In this cross-sectional study consecutive patients undergoing polysomnography (PSG) in the Sleep Laboratory of the Department of Internal Medicine of All India Institute of Medical Sciences (AIIMS), New Delhi, between June 2008 and May 2010 were evaluated for enrolment. These patients were referred for PSG from the sleep related breathing disorders (SRBD) clinic of the Department of Internal Medicine, AIIMS hospital, New Delhi. Referral of patients for PSG was on discretion of physicians in the sleep clinic, usually for symptoms of excessive daytime somnolence or snoring. Males and females, aged 30-65 yr, and naïve to continuous positive airway pressure (CPAP) treatment were included. Patients having hypothyroidism, chronic renal failure, chronic liver disease and patients with coronary artery disease and left ventricular dysfunction were excluded from the study. Patients with history of chronic corticosteroid use or hormone replacement therapy were also excluded.

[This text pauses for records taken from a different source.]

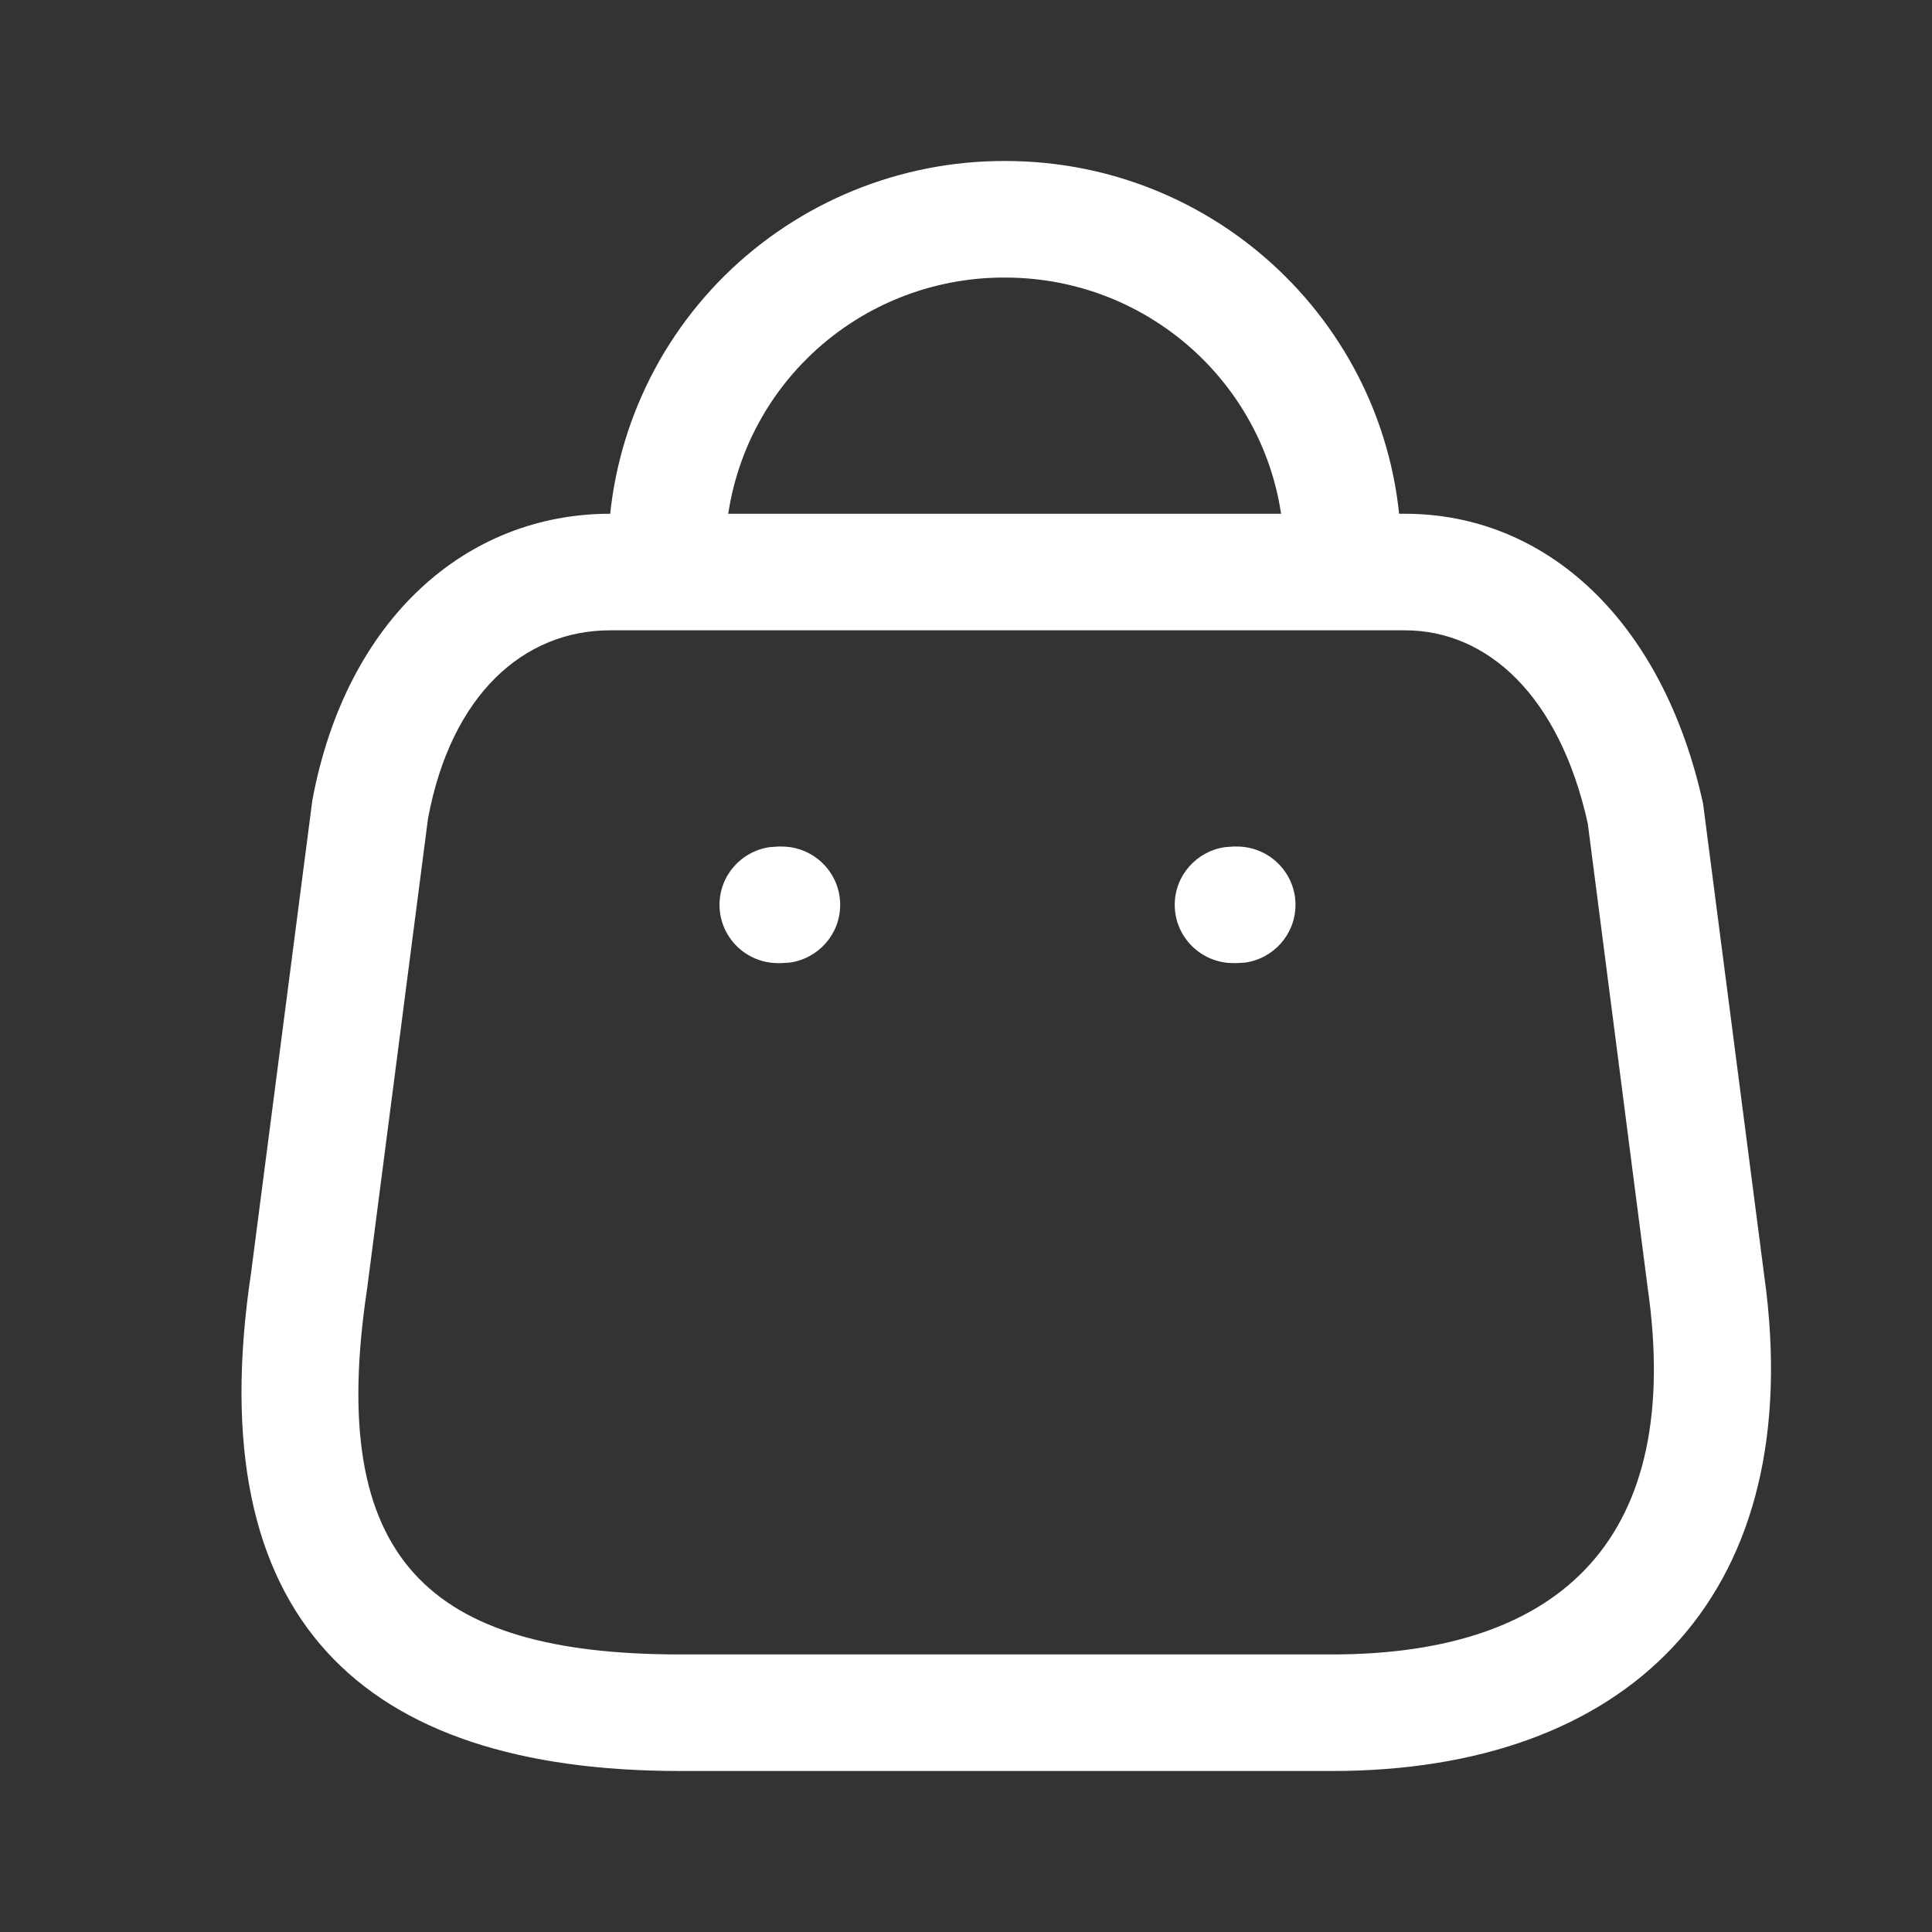 <svg width="24" height="24" viewBox="0 0 24 24" fill="none" xmlns="http://www.w3.org/2000/svg">
<rect x="0" y="0" width="24" height="24" fill="#333333" stroke="none"/>
<path fill-rule="evenodd" clip-rule="evenodd" d="M7.579 6.382H17.452C19.195 6.382 20.653 7.694 21.156 9.982L21.942 16.048C22.391 19.87 20.204 22 16.546 22H8.449C4.493 22 2.472 20.111 3.119 15.812L3.88 9.942C4.301 7.683 5.797 6.382 7.579 6.382ZM17.452 7.83H7.579C6.514 7.83 5.606 8.619 5.317 10.167L4.56 16.012C4.054 19.371 5.318 20.552 8.449 20.552H16.546C19.438 20.552 20.91 19.066 20.468 15.997L19.724 10.23C19.372 8.638 18.474 7.83 17.452 7.83Z" fill="white"/>
<path d="M12.489 2C15.205 2 17.407 4.191 17.407 6.894C17.407 7.294 17.081 7.618 16.679 7.618C16.277 7.618 15.952 7.294 15.952 6.894C15.952 4.991 14.401 3.448 12.485 3.448C11.564 3.444 10.68 3.805 10.027 4.452C9.374 5.099 9.008 5.977 9.008 6.894C9.008 7.294 8.682 7.618 8.28 7.618C7.878 7.618 7.553 7.294 7.553 6.894C7.553 5.592 8.074 4.344 9 3.426C9.927 2.508 11.184 1.995 12.489 2Z" fill="white"/>
<path d="M15.365 10.516C15.767 10.516 16.093 10.841 16.093 11.24C16.093 11.607 15.819 11.91 15.464 11.958L15.365 11.964H15.321C14.919 11.964 14.593 11.64 14.593 11.24C14.593 10.874 14.867 10.571 15.222 10.523L15.321 10.516H15.365Z" fill="white"/>
<path d="M9.71 10.516C10.111 10.516 10.437 10.841 10.437 11.24C10.437 11.607 10.163 11.91 9.808 11.958L9.71 11.964H9.665C9.263 11.964 8.938 11.64 8.938 11.24C8.938 10.874 9.211 10.571 9.566 10.523L9.665 10.516H9.71Z" fill="white"/>
</svg>

Approval for study protocol was obtained from the AIIMS ethics committee and written informed consent was taken from each participant.

Sleep assessment: All subjects underwent overnight 16-channel polysomnography (PSG) conducted in Sleep Laboratory of the Department of Internal Medicine at AIIMS hospital, New Delhi, by trained technicians using a Rembrandt 7.3 version PSG machine (Medicare Technologies, USA) as described elsewhere [18] . Recorded sleep data were scored manually according to standard criteria [19] by experienced laboratory technicians blinded to clinical data. Apnoea and hypopnoea were defined according to the Chicago criteria as recommended by the American Academy of Sleep Medicine [20] . OSA was defined as apnoea-hypopnoea index (AHI)>5 events/h. Severity of OSA was graded as, mild OSA: AHI ≥5 and <15 events/h, moderate OSA: AHI ≥15 and <30 events/h, and severe OSA: AHI ≥30 events/h [21] . Patients without OSA were referred to as normal. Obstructive sleep apnoea syndrome (OSAS) was defined as the presence of OSA with excessive daytime sleepiness (EDS). EDS was assessed using the Epworth Sleepiness Scale (ESS) [22] based on the subject's response to eight questions regarding probability of dozing under specific situations with a 4-point scale. A score of 10 or more was considered suggestive of EDS.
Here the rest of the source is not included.